One of the most controversial opinions I have is that de-centering literacy is essential in our quest for a thriving childhood for all children.
For home educators, de-centering literacy allows you and your child to move out of panic and into a reading journey full of joy.
Unlike quite a few of my opinions, which I often come to quickly using a combo of research and wisdom, this one has been years in the making.
I feel like, over the years, I might have read every study ever done on reading acquisition 😅
I am drawn to jot down my thoughts because my eldest daughter, Ramona, is eleven and just moving out of the decade of deep childhood – those years lost in magical worlds of imagination and play. Each week that passes we observe her moving more and more into the rational brain that is going to serve her for the rest of her life. It’s obvious that her brain is now mechanically ready to do a whole bunch of the things that were expected of her (from society) when she was still ill-prepared for them. One of which, is reading.
De-centering literacy isn’t undervaluing it
Yes, reading is a doorway to wonder and knowledge. I read on average 15 hours a week. A life without books to me is incomprehensible. My literal *favourite place* is a library, the local library has been my treasured haunt since I was 20.
Beginning with that feels important! Reading and books are to be TREASURED.
They are such a gift and such an intrinsic part of how society operates that we can TRUST in their power.

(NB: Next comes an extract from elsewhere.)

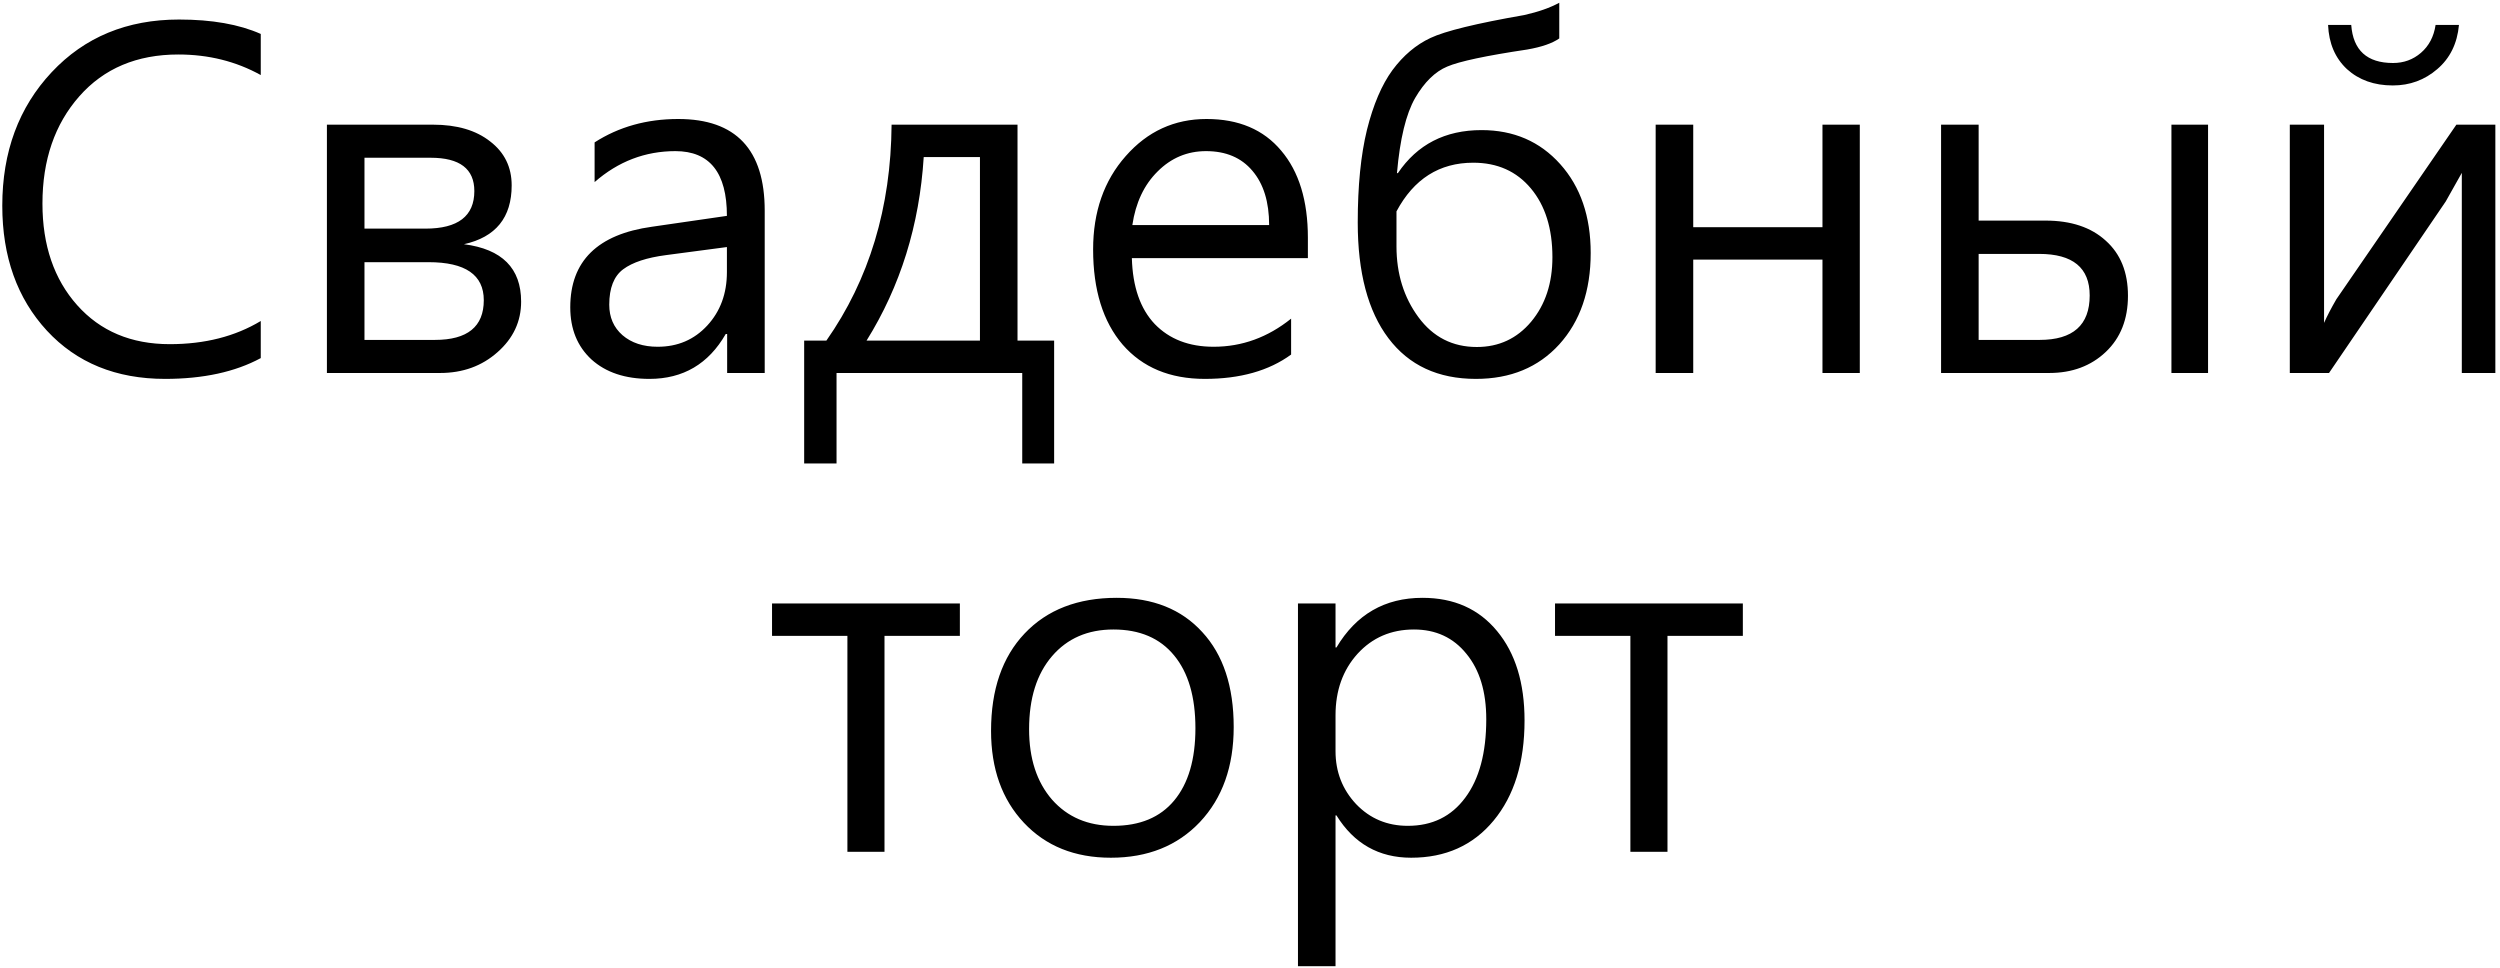 <?xml version="1.0" encoding="UTF-8"?> <svg xmlns="http://www.w3.org/2000/svg" width="496" height="192" viewBox="0 0 496 192" fill="none"><path d="M51.734 71.047C46.641 73.797 40.312 75.172 32.75 75.172C23.031 75.172 15.219 71.984 9.312 65.609C3.406 59.203 0.453 50.938 0.453 40.812C0.453 30.125 3.719 21.297 10.25 14.328C16.781 7.359 25.203 3.875 35.516 3.875C42.047 3.875 47.453 4.828 51.734 6.734V14.891C46.828 12.172 41.375 10.812 35.375 10.812C27.156 10.812 20.609 13.578 15.734 19.109C10.859 24.641 8.422 31.734 8.422 40.391C8.422 48.672 10.719 55.391 15.312 60.547C19.906 65.703 26.031 68.281 33.688 68.281C40.625 68.281 46.641 66.75 51.734 63.688V71.047ZM64.859 74V24.734H85.906C90.656 24.734 94.438 25.844 97.25 28.062C100.094 30.25 101.516 33.156 101.516 36.781C101.516 43.156 98.359 47.047 92.047 48.453C99.609 49.422 103.391 53.219 103.391 59.844C103.391 63.781 101.828 67.125 98.703 69.875C95.609 72.625 91.812 74 87.312 74H64.859ZM72.312 31.297V45.359H84.406C90.875 45.359 94.109 42.875 94.109 37.906C94.109 33.5 91.219 31.297 85.438 31.297H72.312ZM72.312 52.016V67.438H86.281C92.75 67.438 95.984 64.812 95.984 59.562C95.984 54.531 92.328 52.016 85.016 52.016H72.312ZM117.969 28.25C122.781 25.156 128.312 23.609 134.562 23.609C146 23.609 151.719 29.672 151.719 41.797V74H144.266V66.266H143.984C140.578 72.203 135.531 75.172 128.844 75.172C124.031 75.172 120.203 73.891 117.359 71.328C114.547 68.734 113.141 65.281 113.141 60.969C113.141 51.812 118.547 46.484 129.359 44.984L144.219 42.828C144.219 34.266 140.812 29.984 134 29.984C128 29.984 122.656 32.031 117.969 36.125V28.25ZM132.172 50.609C128.328 51.109 125.484 52.047 123.641 53.422C121.797 54.797 120.875 57.141 120.875 60.453C120.875 62.953 121.75 64.969 123.5 66.5C125.281 68.031 127.609 68.797 130.484 68.797C134.453 68.797 137.734 67.391 140.328 64.578C142.922 61.766 144.219 58.234 144.219 53.984V49.016L132.172 50.609ZM209.141 91.953H202.812V74H165.969V91.953H159.547V67.578H163.953C172.453 55.453 176.766 41.172 176.891 24.734H201.875V67.578H209.141V91.953ZM194.422 67.578V31.156H183.266C182.422 44.656 178.641 56.797 171.922 67.578H194.422ZM259.484 51.219H224.562C224.719 56.906 226.234 61.266 229.109 64.297C232.016 67.297 235.906 68.797 240.781 68.797C246.406 68.797 251.531 66.938 256.156 63.219V70.344C251.75 73.562 246.047 75.172 239.047 75.172C232.109 75.172 226.672 72.906 222.734 68.375C218.828 63.812 216.875 57.516 216.875 49.484C216.875 42.016 219.031 35.844 223.344 30.969C227.656 26.062 233 23.609 239.375 23.609C245.75 23.609 250.688 25.703 254.188 29.891C257.719 34.047 259.484 39.812 259.484 47.188V51.219ZM251.797 44.656C251.797 40.062 250.688 36.469 248.469 33.875C246.281 31.281 243.219 29.984 239.281 29.984C235.562 29.984 232.359 31.328 229.672 34.016C226.984 36.672 225.312 40.219 224.656 44.656H251.797ZM309.359 7.625C307.984 8.594 305.859 9.328 302.984 9.828C294.828 11.047 289.547 12.172 287.141 13.203C284.734 14.203 282.609 16.281 280.766 19.438C278.953 22.594 277.75 27.562 277.156 34.344H277.344C281.188 28.656 286.719 25.812 293.938 25.812C300.312 25.812 305.516 28.062 309.547 32.562C313.578 37.062 315.594 42.938 315.594 50.188C315.594 57.688 313.516 63.734 309.359 68.328C305.203 72.891 299.688 75.172 292.812 75.172C285.312 75.172 279.531 72.484 275.469 67.109C271.406 61.734 269.375 54.078 269.375 44.141C269.375 36.891 269.984 30.766 271.203 25.766C272.453 20.766 274.141 16.812 276.266 13.906C278.422 11 280.938 8.875 283.812 7.531C286.719 6.156 292.922 4.641 302.422 2.984C305.203 2.359 307.516 1.547 309.359 0.547V7.625ZM277.062 48.875C277.062 54.312 278.516 59 281.422 62.938C284.328 66.875 288.188 68.844 293 68.844C297.375 68.844 300.969 67.172 303.781 63.828C306.594 60.453 308 56.188 308 51.031C308 45.344 306.578 40.797 303.734 37.391C300.891 33.984 297.078 32.281 292.297 32.281C285.578 32.281 280.5 35.5 277.062 41.938V48.875ZM368.984 74H361.578V51.5H335.938V74H328.484V24.734H335.938V45.078H361.578V24.734H368.984V74ZM438.078 74H430.812V24.734H438.078V74ZM385.109 74V24.734H392.562V43.766H405.828C410.891 43.766 414.875 45.094 417.781 47.75C420.719 50.375 422.188 54.016 422.188 58.672C422.188 63.328 420.719 67.047 417.781 69.828C414.844 72.609 411.109 74 406.578 74H385.109ZM392.562 50.375V67.438H404.656C411.281 67.438 414.594 64.5 414.594 58.625C414.594 53.125 411.25 50.375 404.562 50.375H392.562ZM495.078 74H488.422V34.297L485.234 39.969L462.078 74H454.297V24.734H461.094V64.062C461.688 62.719 462.5 61.156 463.531 59.375L487.344 24.734H495.078V74ZM487.859 4.953C487.516 8.641 486.078 11.562 483.547 13.719C481.047 15.875 478.109 16.953 474.734 16.953C471.047 16.953 468.016 15.875 465.641 13.719C463.297 11.531 462.047 8.609 461.891 4.953H466.484C466.859 9.984 469.625 12.5 474.781 12.5C476.906 12.5 478.75 11.828 480.312 10.484C481.906 9.109 482.875 7.266 483.219 4.953H487.859ZM190.438 126.156H175.484V169H168.125V126.156H153.172V119.734H190.438V126.156ZM196.625 145C196.625 136.812 198.844 130.375 203.281 125.688C207.75 120.969 213.844 118.609 221.562 118.609C228.75 118.609 234.406 120.875 238.531 125.406C242.688 129.906 244.766 136.188 244.766 144.25C244.766 152.062 242.531 158.344 238.062 163.094C233.594 167.812 227.703 170.172 220.391 170.172C213.234 170.172 207.484 167.859 203.141 163.234C198.797 158.609 196.625 152.531 196.625 145ZM204.172 144.672C204.172 150.484 205.688 155.141 208.719 158.641C211.781 162.109 215.844 163.844 220.906 163.844C226.156 163.844 230.172 162.172 232.953 158.828C235.766 155.453 237.172 150.672 237.172 144.484C237.172 138.266 235.766 133.453 232.953 130.047C230.141 126.609 226.125 124.891 220.906 124.891C215.812 124.891 211.75 126.656 208.719 130.188C205.688 133.719 204.172 138.547 204.172 144.672ZM264.969 161.781V191.688H257.516V119.734H264.969V128.453H265.156C269.062 121.891 274.75 118.609 282.219 118.609C288.469 118.609 293.406 120.812 297.031 125.219C300.656 129.594 302.469 135.5 302.469 142.938C302.469 151.25 300.422 157.875 296.328 162.812C292.266 167.719 286.812 170.172 279.969 170.172C273.562 170.172 268.625 167.375 265.156 161.781H264.969ZM264.969 149.031C264.969 153.125 266.328 156.625 269.047 159.531C271.797 162.406 275.219 163.844 279.312 163.844C284.156 163.844 287.953 161.984 290.703 158.266C293.484 154.547 294.875 149.359 294.875 142.703C294.875 137.234 293.562 132.906 290.938 129.719C288.344 126.5 284.875 124.891 280.531 124.891C276 124.891 272.266 126.5 269.328 129.719C266.422 132.938 264.969 137 264.969 141.906V149.031ZM345.781 126.156H330.828V169H323.469V126.156H308.516V119.734H345.781V126.156Z" fill="black"></path></svg>

To teach a child to read before they are ready and before they want to learn is like forcing a child to drink water- something we don’t need to do because we trust their thirst and water’s ability to quench it.
De-centering literacy, allowing it to exist in equal worth to creative expression, social skills, emotional intelligence, athleticism, engineerial skills etc, would help us to:
1- take the pressure off the children that read later (ironically easing the pressure makes it more likely that they’ll read for pleasure)

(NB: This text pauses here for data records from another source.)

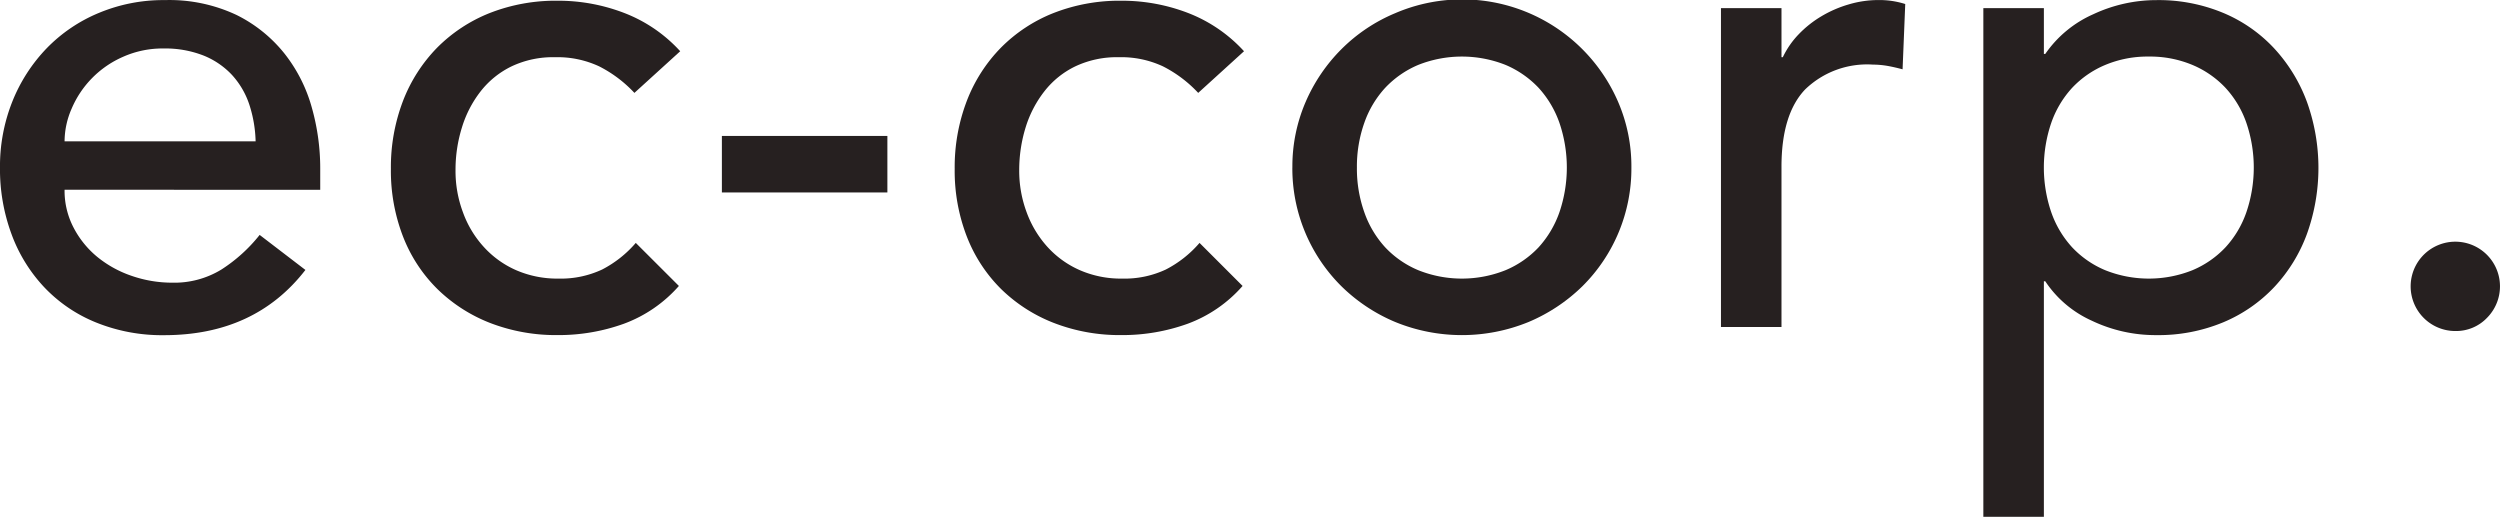 <svg id="グループ_143" data-name="グループ 143" xmlns="http://www.w3.org/2000/svg" width="210" height="43.405" viewBox="0 0 210 43.405">
  <path id="パス_69" data-name="パス 69" d="M691.809,558.41a6.689,6.689,0,0,0,.765,3.2,7.882,7.882,0,0,0,2.005,2.461,9.288,9.288,0,0,0,2.882,1.58,10.388,10.388,0,0,0,3.388.567,7.582,7.582,0,0,0,4.127-1.1,13.2,13.2,0,0,0,3.22-2.912l3.844,2.942q-4.239,5.478-11.866,5.48a14.761,14.761,0,0,1-5.737-1.074,12.367,12.367,0,0,1-4.35-2.968,13.059,13.059,0,0,1-2.74-4.461,15.728,15.728,0,0,1-.963-5.57,14.7,14.7,0,0,1,1.043-5.566,13.823,13.823,0,0,1,2.881-4.462,13.072,13.072,0,0,1,4.381-2.968,14.065,14.065,0,0,1,5.54-1.078,13.262,13.262,0,0,1,6.016,1.245,11.9,11.9,0,0,1,4.041,3.252,12.847,12.847,0,0,1,2.289,4.522,18.777,18.777,0,0,1,.709,5.11v1.808Zm16.048-4.066a10.761,10.761,0,0,0-.537-3.109,6.892,6.892,0,0,0-1.438-2.456,6.662,6.662,0,0,0-2.4-1.641,8.826,8.826,0,0,0-3.363-.593,8.146,8.146,0,0,0-3.418.709,8.286,8.286,0,0,0-4.3,4.35,6.906,6.906,0,0,0-.592,2.74Z" transform="translate(-686.385 -542.473)" fill="#262020"/>
  <path id="パス_70" data-name="パス 70" d="M713.328,550.228a10.573,10.573,0,0,0-2.968-2.233,8.285,8.285,0,0,0-3.7-.764,8.12,8.12,0,0,0-3.641.764,7.392,7.392,0,0,0-2.6,2.092,9.376,9.376,0,0,0-1.58,3.048,11.965,11.965,0,0,0-.537,3.591,9.881,9.881,0,0,0,.623,3.53,8.667,8.667,0,0,0,1.752,2.912,8.013,8.013,0,0,0,2.71,1.95,8.662,8.662,0,0,0,3.56.709,8.18,8.18,0,0,0,3.676-.765,9.445,9.445,0,0,0,2.821-2.233l3.621,3.616a11.4,11.4,0,0,1-4.609,3.17,16.123,16.123,0,0,1-5.565.957,15.332,15.332,0,0,1-5.682-1.018,13.163,13.163,0,0,1-4.431-2.851,12.6,12.6,0,0,1-2.887-4.411,15.289,15.289,0,0,1-1.018-5.677,15.575,15.575,0,0,1,1.018-5.713,13.133,13.133,0,0,1,2.856-4.461,12.97,12.97,0,0,1,4.406-2.912,15.154,15.154,0,0,1,5.737-1.043,15.4,15.4,0,0,1,5.621,1.043,12.344,12.344,0,0,1,4.664,3.2Z" transform="translate(-660.038 -542.425)" fill="#262020"/>
  <rect id="長方形_19" data-name="長方形 19" width="13.902" height="4.747" transform="translate(60.638 11.419)" fill="#262020"/>
  <path id="パス_71" data-name="パス 71" d="M722.679,550.228a10.571,10.571,0,0,0-2.968-2.233,8.286,8.286,0,0,0-3.7-.764,8.158,8.158,0,0,0-3.646.764,7.331,7.331,0,0,0-2.6,2.092,9.4,9.4,0,0,0-1.585,3.048,12.153,12.153,0,0,0-.536,3.591,9.993,9.993,0,0,0,.623,3.53,8.825,8.825,0,0,0,1.752,2.912,8.018,8.018,0,0,0,2.715,1.95,8.623,8.623,0,0,0,3.56.709,8.174,8.174,0,0,0,3.671-.765,9.409,9.409,0,0,0,2.826-2.233l3.616,3.616a11.352,11.352,0,0,1-4.6,3.17,16.146,16.146,0,0,1-5.566.957,15.287,15.287,0,0,1-5.681-1.018,13.136,13.136,0,0,1-4.437-2.851,12.659,12.659,0,0,1-2.881-4.411,15.279,15.279,0,0,1-1.018-5.677,15.565,15.565,0,0,1,1.018-5.713,13.055,13.055,0,0,1,2.856-4.461,12.878,12.878,0,0,1,4.406-2.912,15.153,15.153,0,0,1,5.737-1.043,15.42,15.42,0,0,1,5.622,1.043,12.418,12.418,0,0,1,4.664,3.2Z" transform="translate(-622.03 -542.425)" fill="#262020"/>
  <path id="パス_72" data-name="パス 72" d="M707.822,556.547a13.652,13.652,0,0,1,1.1-5.48,14.26,14.26,0,0,1,3.023-4.466,14,14,0,0,1,4.522-3.024,14.263,14.263,0,0,1,18.732,7.49,13.652,13.652,0,0,1,1.1,5.48,13.917,13.917,0,0,1-4.122,9.976,14.479,14.479,0,0,1-4.522,3,14.787,14.787,0,0,1-11.187,0,14.357,14.357,0,0,1-4.522-3,13.949,13.949,0,0,1-4.127-9.976m5.423,0a10.973,10.973,0,0,0,.623,3.757,8.5,8.5,0,0,0,1.752,2.943,8.114,8.114,0,0,0,2.77,1.919,9.874,9.874,0,0,0,7.348,0,8.15,8.15,0,0,0,2.77-1.919,8.56,8.56,0,0,0,1.748-2.943,11.646,11.646,0,0,0,0-7.515,8.532,8.532,0,0,0-1.748-2.937,8.224,8.224,0,0,0-2.77-1.924,9.944,9.944,0,0,0-7.348,0,8.188,8.188,0,0,0-2.77,1.924,8.468,8.468,0,0,0-1.752,2.937,11,11,0,0,0-.623,3.758" transform="translate(-599.262 -542.473)" fill="#262020"/>
  <path id="パス_73" data-name="パス 73" d="M714.931,543.153h5.084v4.122h.111a7.284,7.284,0,0,1,1.357-1.95,8.99,8.99,0,0,1,1.894-1.494,9.812,9.812,0,0,1,2.289-.993,8.766,8.766,0,0,1,2.486-.365,7.207,7.207,0,0,1,2.258.334l-.223,5.484c-.42-.111-.83-.208-1.246-.283a7.348,7.348,0,0,0-1.246-.112,7.48,7.48,0,0,0-5.7,2.092q-1.982,2.089-1.98,6.5v13.451h-5.084Z" transform="translate(-570.37 -542.469)" fill="#262020"/>
  <path id="パス_74" data-name="パス 74" d="M719.283,543.153h5.085V547h.117a9.626,9.626,0,0,1,4.036-3.337,12.519,12.519,0,0,1,5.287-1.185,14.121,14.121,0,0,1,5.621,1.073,12.339,12.339,0,0,1,4.295,2.993,13.5,13.5,0,0,1,2.744,4.492,16.412,16.412,0,0,1,0,11.075,13.132,13.132,0,0,1-2.744,4.466,12.545,12.545,0,0,1-4.295,2.968,14.2,14.2,0,0,1-5.621,1.074,12.425,12.425,0,0,1-5.423-1.215,9.227,9.227,0,0,1-3.9-3.307h-.117v19.781h-5.085Zm13.9,4.067a9.2,9.2,0,0,0-3.672.709,8.106,8.106,0,0,0-2.77,1.919,8.467,8.467,0,0,0-1.752,2.938,11.644,11.644,0,0,0,0,7.515,8.487,8.487,0,0,0,1.752,2.942,8.1,8.1,0,0,0,2.77,1.919,9.872,9.872,0,0,0,7.348,0,8.121,8.121,0,0,0,2.765-1.919,8.4,8.4,0,0,0,1.752-2.942,11.644,11.644,0,0,0,0-7.515,8.382,8.382,0,0,0-1.752-2.938,8.126,8.126,0,0,0-2.765-1.919,9.207,9.207,0,0,0-3.676-.709" transform="translate(-552.682 -542.469)" fill="#262020"/>
  <path id="パス_75" data-name="パス 75" d="M730.113,553.95a3.752,3.752,0,1,1,2.628-1.1,3.584,3.584,0,0,1-2.628,1.1" transform="translate(-523.84 -526.144)" fill="#262020"/>
</svg>

2- value the other vital skills that a child is acquiring
3- create a less colonised model of human worth (much of the skills we value as Western Societies are a legacy of colonisation- skills that have furthered a white man’s bid for power and progress, rather than skills that enrich our communities and deepens our relationship with the living world)
4 – allow children to keep developing the areas they *need* rather than what adults want for them (is it possible that by rushing kids into reading before they are ready we stunt their development of empathy/ collaboration/ imagination/ memory/ creative problem solving)
Teaching children to learn to read before they are ready makes them believe reading is hard, painful, boring or that they are too stupid for it.
By de-centering literacy we as a society will create a web of trust in our kids and the fact that literacy is inevitable (I say this with faith- in all studies of self directed learners both in a home setting or in a consent based school setting: ALL eventually learn to read) – giving us the patience to let them read when they are ready.

Three shifts in thinking that have helped me de-center literacy and create a reading environment based on joy:
1– Natural reading readiness – like puberty, it can happen within a large age range, but it’s when you are developmentally ready. This explains why in some unschooling families some kids learnt to read at four while their brother might learn to read at 13. I’m grateful to Trudy Kessels for this metaphor about puberty. No one rampages around asking why fifteen year olds haven’t started menstruating yet, we trust that when their bodies are ready they will begin.
2- Always learning the skills most needed – rather than “not reading” – a child is using their brain power to pick up multitude of other competencies. We can rest in the idea that humans cannot NOT be learning. Our brains are always engaged picking things up, figuring things out – even when we are asleep we are doing the integration side of learning! A child who isn’t reading yet is not in deficit, but in abundance – just focusing on something you aren’t valuing.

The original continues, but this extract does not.